- [Problem]: I'd like every entry returned exactly as it is, with the images left out.
------------
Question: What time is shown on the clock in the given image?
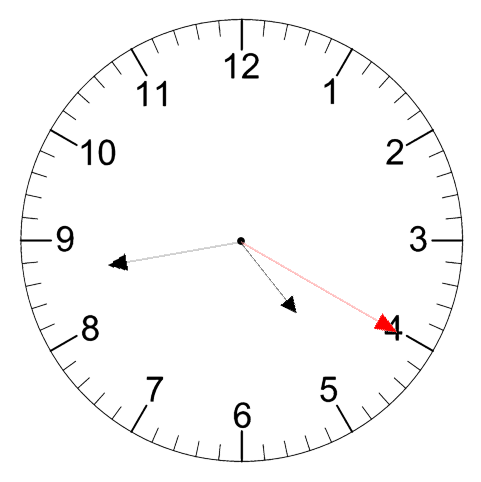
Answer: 04:43:20
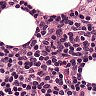
Metastatic tissue present: no
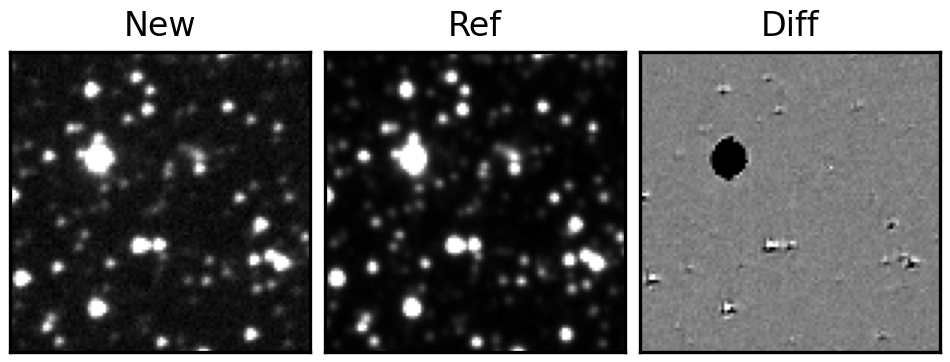
Label: real
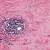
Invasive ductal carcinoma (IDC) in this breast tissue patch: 0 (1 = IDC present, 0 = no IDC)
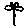
Label: flower
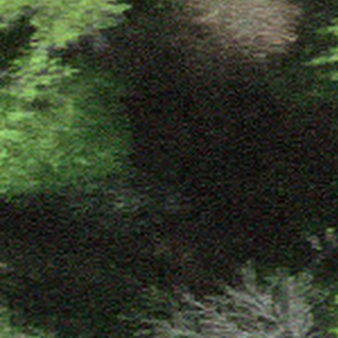
Label: other
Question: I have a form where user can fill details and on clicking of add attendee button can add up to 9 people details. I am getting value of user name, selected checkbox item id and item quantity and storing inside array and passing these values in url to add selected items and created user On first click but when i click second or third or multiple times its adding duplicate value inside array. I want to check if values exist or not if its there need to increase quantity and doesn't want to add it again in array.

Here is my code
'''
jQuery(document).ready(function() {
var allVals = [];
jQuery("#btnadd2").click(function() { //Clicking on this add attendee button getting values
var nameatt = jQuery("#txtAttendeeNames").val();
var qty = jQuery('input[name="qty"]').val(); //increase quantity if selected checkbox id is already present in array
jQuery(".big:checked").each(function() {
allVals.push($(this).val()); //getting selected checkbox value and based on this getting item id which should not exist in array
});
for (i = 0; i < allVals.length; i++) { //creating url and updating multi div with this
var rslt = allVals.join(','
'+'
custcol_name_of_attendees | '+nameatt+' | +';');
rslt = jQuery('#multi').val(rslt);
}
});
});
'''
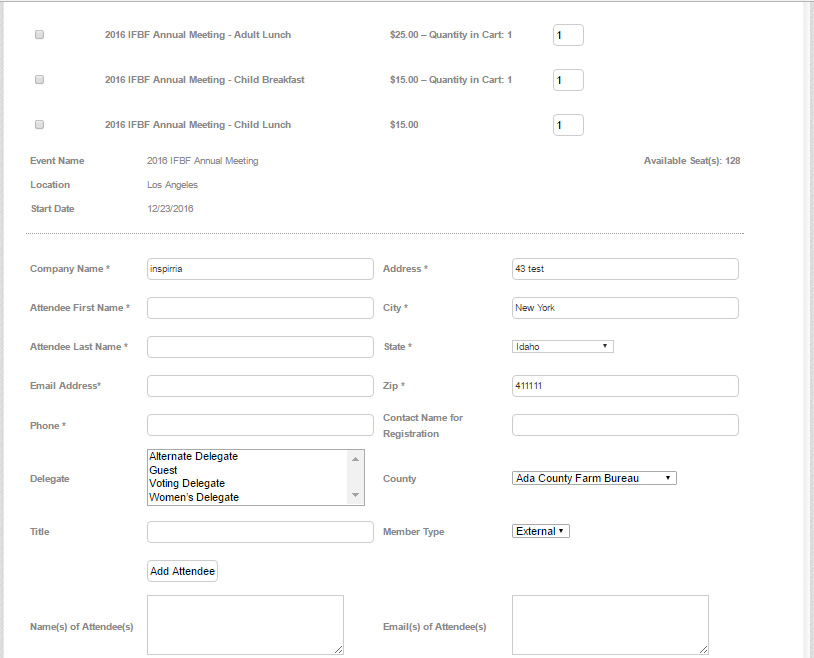
Answer: Use 'jQuery.inArray()' in jquery. The 'jQuery.inArray()' method is similar to JavaScript's native '.indexOf()' method in that it returns -1 when it doesn't find a match. If the first element within the array matches value, 'jQuery.inArray()' returns 0.
'''
jQuery(".big:checked").each(function() {
if(jQuery.inArray($(this).val(), allVals) == -1) {
allVals.push($(this).val());
} else {
// Already present in the array
}
});
'''
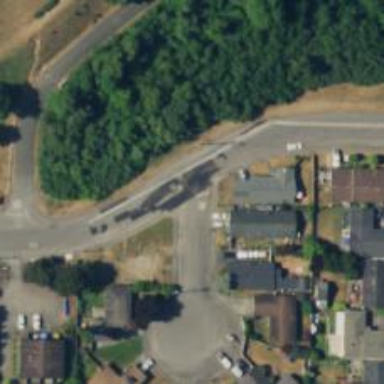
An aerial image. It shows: Stop road.
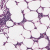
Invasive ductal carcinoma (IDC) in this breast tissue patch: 0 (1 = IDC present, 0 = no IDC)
------------
- [Completed task]:
Question: What time is shown on the clock in the given image?
Answer: 04:43:20
Metastatic tissue present: no
Label: real
Invasive ductal carcinoma (IDC) in this breast tissue patch: 0 (1 = IDC present, 0 = no IDC)
Label: flower
Label: other
Question: I have a form where user can fill details and on clicking of add attendee button can add up to 9 people details. I am getting value of user name, selected checkbox item id and item quantity and storing inside array and passing these values in url to add selected items and created user On first click but when i click second or third or multiple times its adding duplicate value inside array. I want to check if values exist or not if its there need to increase quantity and doesn't want to add it again in array.

Here is my code
'''
jQuery(document).ready(function() {
var allVals = [];
jQuery("#btnadd2").click(function() { //Clicking on this add attendee button getting values
var nameatt = jQuery("#txtAttendeeNames").val();
var qty = jQuery('input[name="qty"]').val(); //increase quantity if selected checkbox id is already present in array
jQuery(".big:checked").each(function() {
allVals.push($(this).val()); //getting selected checkbox value and based on this getting item id which should not exist in array
});
for (i = 0; i < allVals.length; i++) { //creating url and updating multi div with this
var rslt = allVals.join(','
'+'
custcol_name_of_attendees | '+nameatt+' | +';');
rslt = jQuery('#multi').val(rslt);
}
});
});
'''
Answer: Use 'jQuery.inArray()' in jquery. The 'jQuery.inArray()' method is similar to JavaScript's native '.indexOf()' method in that it returns -1 when it doesn't find a match. If the first element within the array matches value, 'jQuery.inArray()' returns 0.
'''
jQuery(".big:checked").each(function() {
if(jQuery.inArray($(this).val(), allVals) == -1) {
allVals.push($(this).val());
} else {
// Already present in the array
}
});
'''
An aerial image. It shows: Stop road.
Invasive ductal carcinoma (IDC) in this breast tissue patch: 0 (1 = IDC present, 0 = no IDC)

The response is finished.